Setliff wondered if he could map the genetic sequences of antibodies and the identities of specific viral antigens, which are the protein markers that antibodies recognize and attack, simultaneously and at high throughput. The goal was to find a faster way to identify antibodies that target a specific viral antigen.
With the help of the university’s central genomics laboratory, and other areas of different scientific disciplines, Dr Georgiev tested Setliff’s idea. And it worked. The efforts of Setliff and Shiakolas resulted in an article describing the development of the proof of concept of LIBRA-seq technology and published in the journal Cell in 2019. Now what they have done is apply this technology to find solutions and find better treatments for patients with COVID-19.
“It would have been impossible three or four years ago to move forward at the speed that we are moving now,” said Georgiev. “A lot has changed in a very short time when it comes to the discovery of monoclonal antibodies, as well as the development of vaccines.” There’s no time to lose. “If we give the virus long enough,” he said, “many other variants will emerge,” one or more of which – bypassing current vaccines – could be even worse than the Delta variant.
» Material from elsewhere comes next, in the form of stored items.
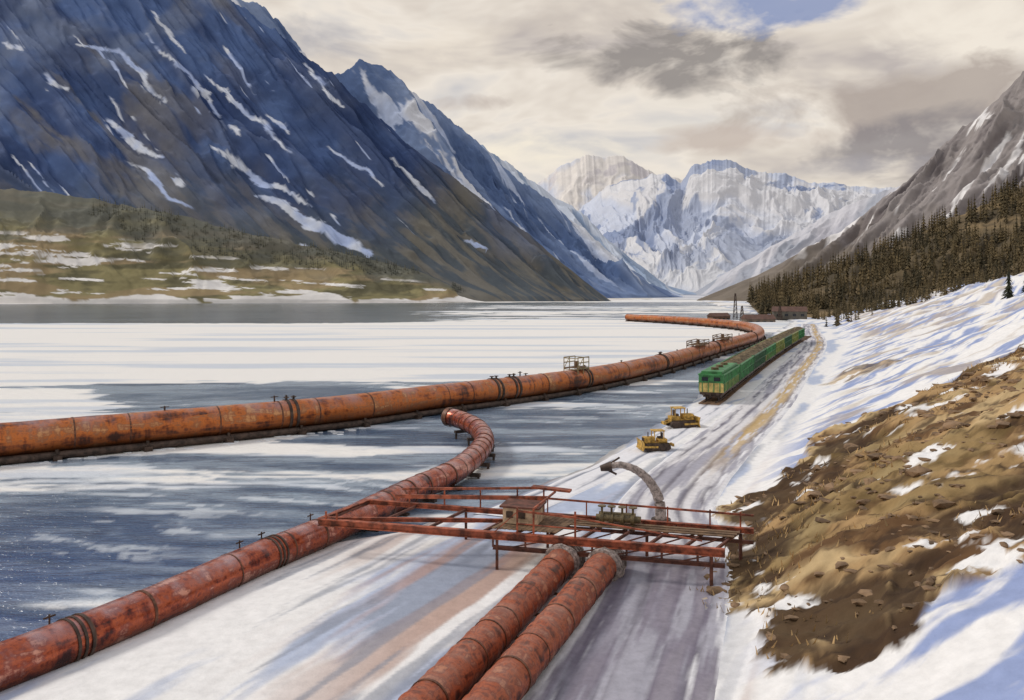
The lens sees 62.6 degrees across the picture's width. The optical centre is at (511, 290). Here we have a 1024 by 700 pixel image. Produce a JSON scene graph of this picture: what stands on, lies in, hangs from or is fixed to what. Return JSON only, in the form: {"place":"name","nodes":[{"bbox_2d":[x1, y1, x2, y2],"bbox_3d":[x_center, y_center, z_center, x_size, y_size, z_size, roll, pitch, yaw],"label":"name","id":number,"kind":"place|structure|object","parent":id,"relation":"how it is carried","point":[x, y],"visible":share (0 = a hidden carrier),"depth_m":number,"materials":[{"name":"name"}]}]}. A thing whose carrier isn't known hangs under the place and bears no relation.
{"place":"outdoors","nodes":[
{"label":"outdoors","id":0,"kind":"place"},
{"bbox_2d":[0,188,483,303],"bbox_3d":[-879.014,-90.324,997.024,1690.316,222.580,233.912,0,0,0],"label":"hills","id":1,"kind":"structure","parent":0,"point":[56,248],"depth_m":1005.29,"materials":[{"name":"green plant"}]},
{"bbox_2d":[88,197,465,291],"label":"pine forest","id":2,"kind":"object","parent":1,"relation":"on","point":[397,267],"visible":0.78,"depth_m":1046.86,"materials":[{"name":"green plant"}]},
{"bbox_2d":[0,0,609,301],"bbox_3d":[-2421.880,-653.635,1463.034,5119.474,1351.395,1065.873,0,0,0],"label":"mountain","id":3,"kind":"structure","parent":0,"point":[227,113],"depth_m":1215.25,"materials":[{"name":"blue stone"}]},
{"bbox_2d":[0,300,790,641],"bbox_3d":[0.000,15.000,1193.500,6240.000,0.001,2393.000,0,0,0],"label":"lake water","id":4,"kind":"structure","parent":0,"point":[78,536],"depth_m":108.62,"materials":[{"name":"water"},{"name":"ice"}]},
{"bbox_2d":[1,428,364,466],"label":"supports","id":5,"kind":"object","parent":4,"relation":"on","point":[163,449],"visible":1,"depth_m":79.53,"materials":[{"name":"brown metal"}]},
{"bbox_2d":[0,407,494,691],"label":"pipeline","id":6,"kind":"object","parent":4,"relation":"in","point":[45,649],"visible":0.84,"depth_m":39.20,"materials":[{"name":"rusty red painted steel"},{"name":"dark steel"}]},
{"bbox_2d":[0,314,765,464],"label":"pipeline","id":7,"kind":"object","parent":4,"relation":"on","point":[53,440],"visible":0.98,"depth_m":89.56,"materials":[{"name":"metal"}]},
{"bbox_2d":[564,355,588,373],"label":"scaffold platform","id":8,"kind":"structure","parent":7,"relation":"on","point":[577,366],"depth_m":122.62,"materials":[{"name":"metal"}]},
{"bbox_2d":[686,339,708,350],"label":"scaffold platform","id":9,"kind":"structure","parent":7,"relation":"on","point":[698,343],"depth_m":175.06,"materials":[{"name":"metal"}]},
{"bbox_2d":[712,333,731,340],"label":"scaffold platform","id":10,"kind":"structure","parent":7,"relation":"on","point":[723,337],"depth_m":197.73,"materials":[{"name":"metal"}]},
{"bbox_2d":[733,293,737,318],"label":"lattice mast","id":11,"kind":"object","parent":4,"relation":"in","point":[734,308],"visible":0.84,"depth_m":444.47,"materials":[{"name":"metal"}]},
{"bbox_2d":[739,306,743,320],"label":"lattice mast","id":12,"kind":"object","parent":4,"relation":"in","point":[741,311],"visible":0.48,"depth_m":409.65,"materials":[{"name":"metal"}]},
{"bbox_2d":[777,306,782,320],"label":"lattice mast","id":13,"kind":"object","parent":4,"relation":"in","point":[779,310],"visible":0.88,"depth_m":417.50,"materials":[{"name":"metal"}]},
{"bbox_2d":[231,0,682,297],"bbox_3d":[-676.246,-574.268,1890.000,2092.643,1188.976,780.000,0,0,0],"label":"mountain","id":14,"kind":"structure","parent":0,"point":[432,133],"depth_m":1843.24,"materials":[{"name":"blue stone"}]},
{"bbox_2d":[0,272,1023,699],"bbox_3d":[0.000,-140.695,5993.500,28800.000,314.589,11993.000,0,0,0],"label":"ground","id":15,"kind":"structure","parent":0,"point":[390,616],"depth_m":38.53,"materials":[{"name":"white snow"}]},
{"bbox_2d":[398,543,585,699],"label":"pipeline","id":16,"kind":"object","parent":15,"relation":"on","point":[459,668],"visible":0.91,"depth_m":32.85,"materials":[{"name":"red metal"}]},
{"bbox_2d":[317,485,753,585],"bbox_3d":[0.940,13.138,45.200,23.082,4.235,5.060,0,0,17],"label":"steel trestle","id":17,"kind":"object","parent":15,"relation":"on","point":[520,514],"visible":0.97,"depth_m":44.63,"materials":[{"name":"red metal"}]},
{"bbox_2d":[596,504,640,525],"bbox_3d":[5.705,12.049,45.041,2.378,1.050,0.847,0,0,15],"label":"valve manifold","id":18,"kind":"object","parent":17,"relation":"on","point":[622,518],"visible":0.97,"depth_m":44.81,"materials":[{"name":"metal"}]},
{"bbox_2d":[600,457,670,520],"bbox_3d":[7.662,12.515,52.346,4.354,4.311,1.171,0,0,13],"label":"loading arm","id":19,"kind":"object","parent":17,"relation":"on","point":[652,486],"visible":0.86,"depth_m":51.94},
{"bbox_2d":[462,547,626,699],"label":"pipeline","id":20,"kind":"object","parent":15,"relation":"on","point":[518,667],"visible":0.96,"depth_m":32.66,"materials":[{"name":"red metal"}]},
{"bbox_2d":[707,316,729,318],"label":"walls","id":21,"kind":"structure","parent":15,"relation":"on","point":[721,317],"depth_m":437.30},
{"bbox_2d":[707,313,730,316],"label":"roof","id":22,"kind":"structure","parent":21,"relation":"on","point":[718,314],"depth_m":438.44,"materials":[{"name":"brown metal"}]},
{"bbox_2d":[741,319,775,321],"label":"walls","id":23,"kind":"structure","parent":15,"relation":"on","point":[759,320],"depth_m":396.63,"materials":[{"name":"brown wood"}]},
{"bbox_2d":[740,314,775,318],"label":"roof","id":24,"kind":"structure","parent":23,"relation":"on","point":[758,316],"depth_m":398.42,"materials":[{"name":"brown metal"}]},
{"bbox_2d":[772,311,806,318],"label":"walls","id":25,"kind":"structure","parent":15,"relation":"on","point":[790,314],"depth_m":420.98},
{"bbox_2d":[771,306,807,311],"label":"roof","id":26,"kind":"structure","parent":25,"relation":"on","point":[791,308],"depth_m":422.91,"materials":[{"name":"brown metal"}]},
{"bbox_2d":[689,346,1023,658],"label":"dry grass","id":27,"kind":"structure","parent":15,"relation":"on","point":[784,528],"depth_m":44.99,"materials":[{"name":"brown plant"}]},
{"bbox_2d":[703,349,1023,662],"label":"rocks","id":28,"kind":"object","parent":15,"relation":"on","point":[918,470],"visible":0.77,"depth_m":45.42,"materials":[{"name":"brown stone"}]},
{"bbox_2d":[808,263,1023,326],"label":"pine forest","id":29,"kind":"object","parent":15,"relation":"on","point":[912,296],"visible":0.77,"depth_m":366.68,"materials":[{"name":"green plant"}]},
{"bbox_2d":[1001,270,1014,298],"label":"pine tree","id":30,"kind":"object","parent":15,"relation":"on","point":[1008,289],"visible":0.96,"depth_m":199.63,"materials":[{"name":"green plant"}]},
{"bbox_2d":[481,145,696,294],"bbox_3d":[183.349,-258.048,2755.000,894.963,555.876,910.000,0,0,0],"label":"mountain","id":31,"kind":"structure","parent":0,"point":[573,214],"depth_m":2829.11,"materials":[{"name":"white snow"}]},
{"bbox_2d":[476,404,730,516],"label":"snowy road","id":32,"kind":"structure","parent":0,"point":[586,479],"depth_m":70.77,"materials":[{"name":"white snow"}]},
{"bbox_2d":[636,429,673,450],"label":"bulldozer","id":33,"kind":"object","parent":32,"relation":"on","point":[651,443],"visible":1,"depth_m":76.00,"materials":[{"name":"metal"}]},
{"bbox_2d":[661,406,700,427],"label":"bulldozer","id":34,"kind":"object","parent":32,"relation":"on","point":[683,420],"visible":1,"depth_m":88.85,"materials":[{"name":"metal"}]},
{"bbox_2d":[537,154,682,210],"bbox_3d":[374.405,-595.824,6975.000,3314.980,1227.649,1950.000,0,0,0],"label":"mountain","id":35,"kind":"structure","parent":0,"point":[577,184],"depth_m":7314.47,"materials":[{"name":"white snow"}]},
{"bbox_2d":[242,0,1023,187],"label":"sky","id":36,"kind":"structure","parent":0,"point":[850,93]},
{"bbox_2d":[523,324,826,699],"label":"road","id":37,"kind":"structure","parent":0,"point":[648,631],"depth_m":39.02,"materials":[{"name":"white snow"}]},
{"bbox_2d":[698,336,811,404],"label":"railway track","id":38,"kind":"structure","parent":37,"relation":"on","point":[724,398],"depth_m":129.71,"materials":[{"name":"metal"}]},
{"bbox_2d":[698,327,804,400],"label":"freight train","id":39,"kind":"object","parent":38,"relation":"on","point":[718,380],"visible":1,"depth_m":127.22,"materials":[{"name":"green paint"}]},
{"bbox_2d":[579,159,894,291],"bbox_3d":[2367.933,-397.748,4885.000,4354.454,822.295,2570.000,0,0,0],"label":"mountain","id":40,"kind":"structure","parent":0,"point":[699,227],"depth_m":4683.42,"materials":[{"name":"white snow"}]},
{"bbox_2d":[694,186,899,294],"bbox_3d":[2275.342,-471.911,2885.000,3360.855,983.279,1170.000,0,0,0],"label":"mountain","id":41,"kind":"structure","parent":0,"point":[829,224],"depth_m":2894.45,"materials":[{"name":"white snow"}]},
{"bbox_2d":[697,71,1023,300],"bbox_3d":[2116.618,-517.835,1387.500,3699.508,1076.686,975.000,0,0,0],"label":"mountain","id":42,"kind":"structure","parent":0,"point":[984,150],"depth_m":1218.28,"materials":[{"name":"grey stone"}]},
{"bbox_2d":[745,187,1023,316],"bbox_3d":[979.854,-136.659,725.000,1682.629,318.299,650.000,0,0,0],"label":"hills","id":43,"kind":"structure","parent":0,"point":[981,225],"depth_m":618.64,"materials":[{"name":"green plant"}]},
{"bbox_2d":[746,173,1023,313],"bbox_3d":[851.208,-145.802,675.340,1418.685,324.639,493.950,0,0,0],"label":"pine forest","id":44,"kind":"object","parent":43,"relation":"on","point":[763,298],"visible":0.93,"depth_m":566.87,"materials":[{"name":"green plant"}]}
]}

“This is precisely why it is necessary to have as many options as possible,” said Georgiev. The antibody described in this article “essentially gives you another tool in the toolbox.” Georgiev and Jason McLellan of the University of Texas at Austin are the corresponding authors of the article. Kevin Kramer and Nicole Johnson are the original authors of the article. The research was funded in part by grants from the National Institutes of Health, Hays Foundation COVID-19 Research Fund, Dolly Parton COVID-19 Research Fund at Vanderbilt, the researchers said.
In the range of treatments available for COVID-19, there is already a combination of drugs that was approved by the World Health Organization last week. This health agency has recommended the combined use of casirivimab and imdevimab, to treat non-serious cases of coronavirus at risk of hospitalization, although it has asked the company that manufactures them to facilitate their access given their high cost.
The treatment was cleared for emergency use in the United States by the FDA at the end of last November. It is indicated in patients “with mild symptoms of COVID and at high risk of hospitalization”, such as people over 60 years of age or with immunodeficiency problems (who suffer from cancer or have just had a transplant, for example).
The drug is designed to prevent infected people from developing serious illness. Instead of waiting for the body to develop its own protective immune response, it mimics the body’s natural defenses. “It’s a mixture of pairs of human monoclonal antibodies. In the United States, the treatment is working very well. However, one of the main problems with this therapy is its high cost, ”he said in dialogue with Infobae Guillermo Docena, biochemist and immunologist, professor of immunology at the National University of La Plata and principal investigator of CONICET.